Every line from the one with "6.1 seconds measured since image 1." through the end of the entries below should be written out exactly; the pictures should not.
##### RECORDS SUPPLIED
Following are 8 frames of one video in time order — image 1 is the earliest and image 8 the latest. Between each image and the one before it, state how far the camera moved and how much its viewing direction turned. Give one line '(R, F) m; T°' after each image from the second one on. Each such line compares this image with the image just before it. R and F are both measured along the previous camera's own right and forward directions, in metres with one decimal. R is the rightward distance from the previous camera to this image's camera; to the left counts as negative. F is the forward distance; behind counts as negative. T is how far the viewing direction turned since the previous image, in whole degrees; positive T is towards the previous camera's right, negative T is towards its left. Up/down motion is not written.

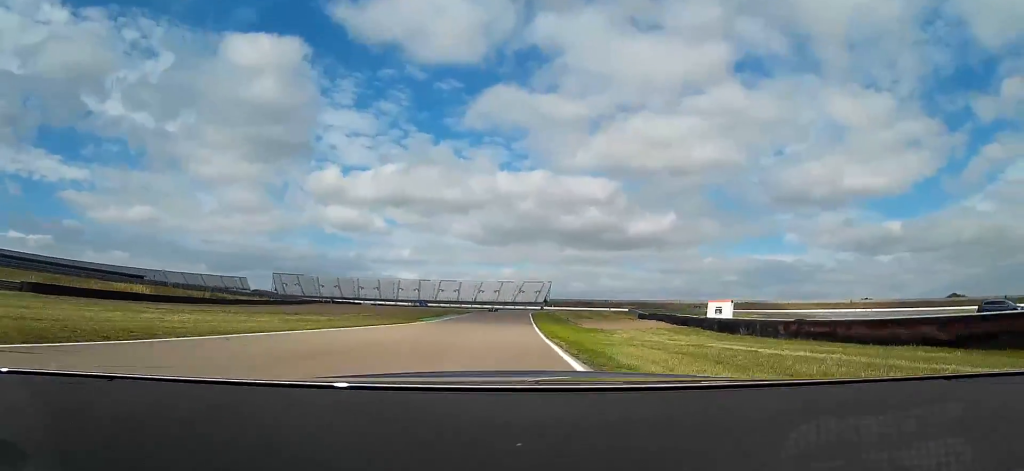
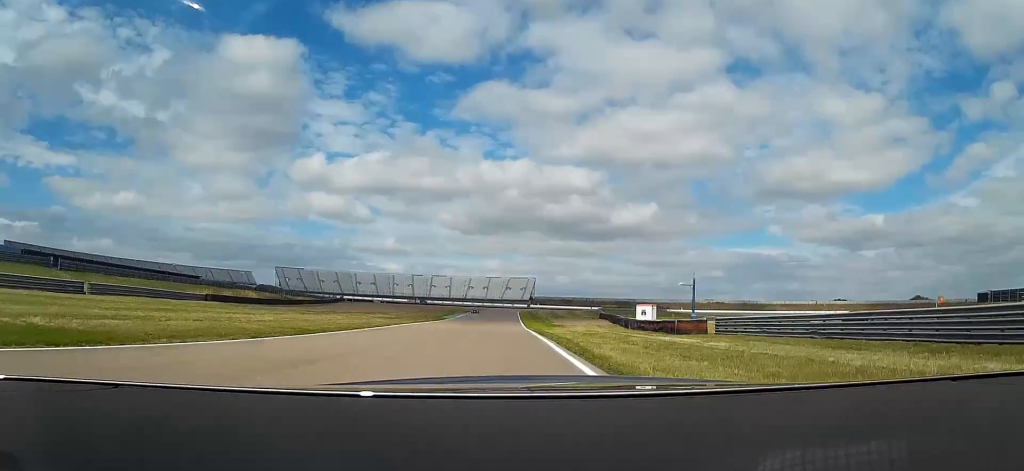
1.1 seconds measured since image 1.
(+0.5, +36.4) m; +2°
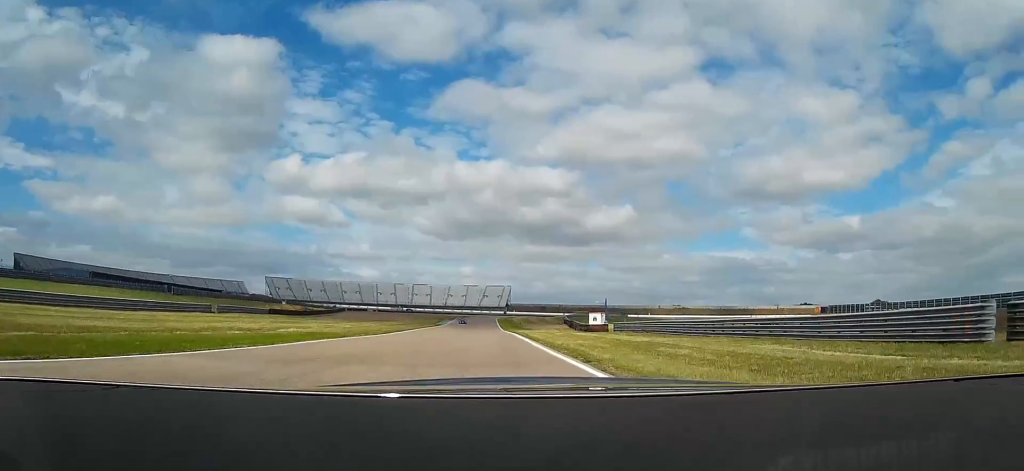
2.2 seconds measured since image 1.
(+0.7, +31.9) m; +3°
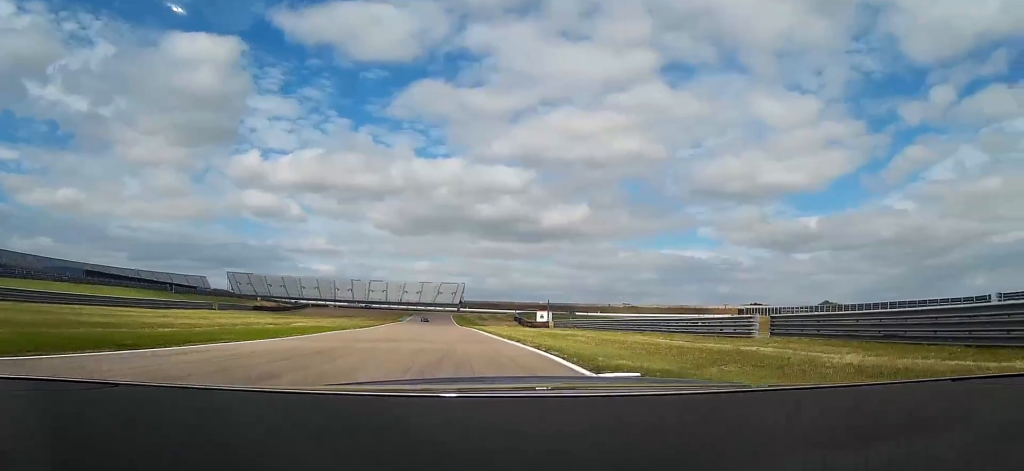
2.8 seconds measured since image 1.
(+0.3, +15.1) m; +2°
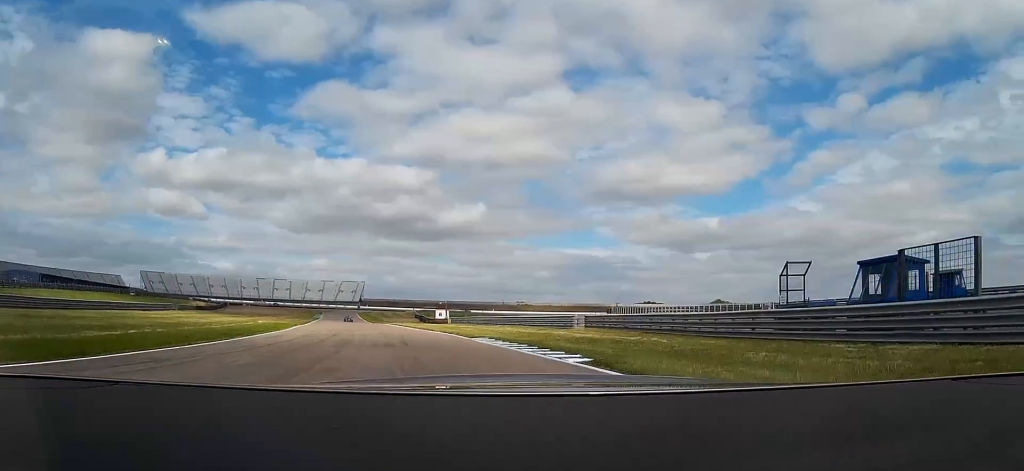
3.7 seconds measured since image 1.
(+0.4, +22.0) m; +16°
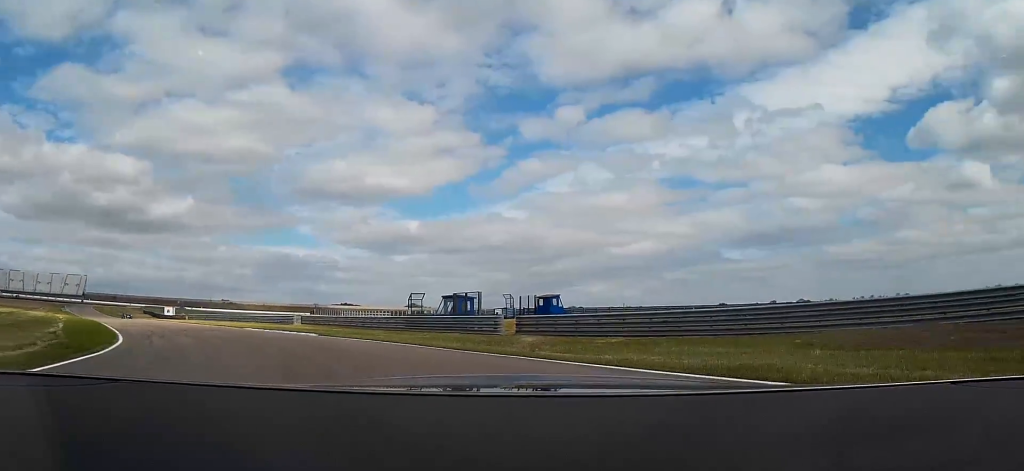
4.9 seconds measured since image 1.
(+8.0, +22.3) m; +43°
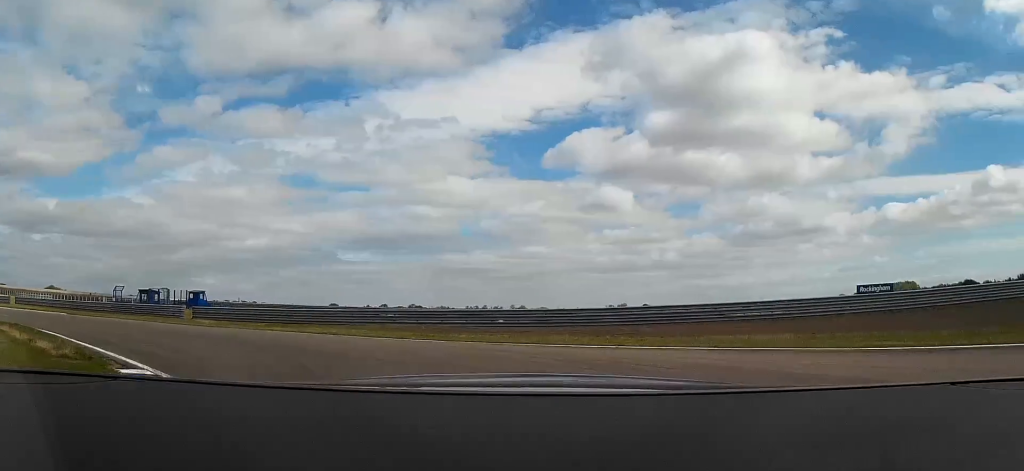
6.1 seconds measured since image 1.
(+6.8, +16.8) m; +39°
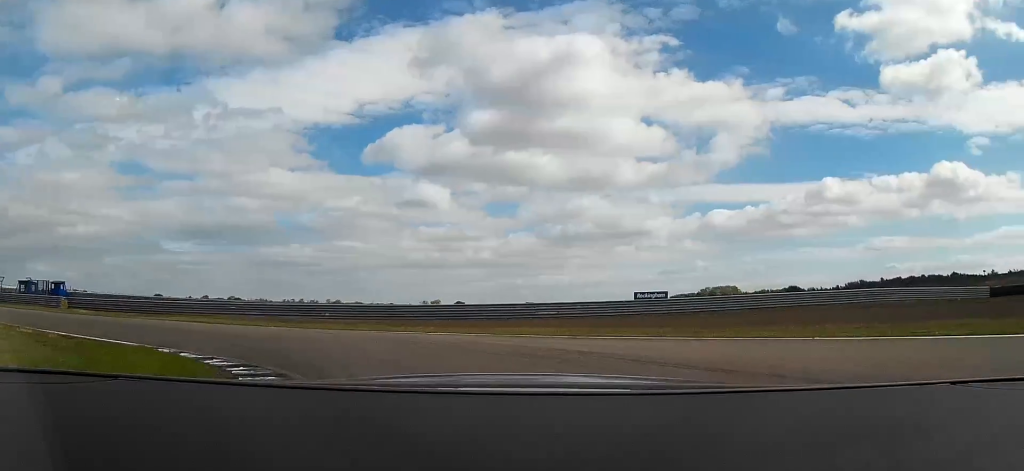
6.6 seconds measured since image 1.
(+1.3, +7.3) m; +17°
##########
:: WRITTEN RESPONSE ::
6.1 seconds measured since image 1.
(+6.8, +16.8) m; +39°
6.6 seconds measured since image 1.
(+1.3, +7.3) m; +17°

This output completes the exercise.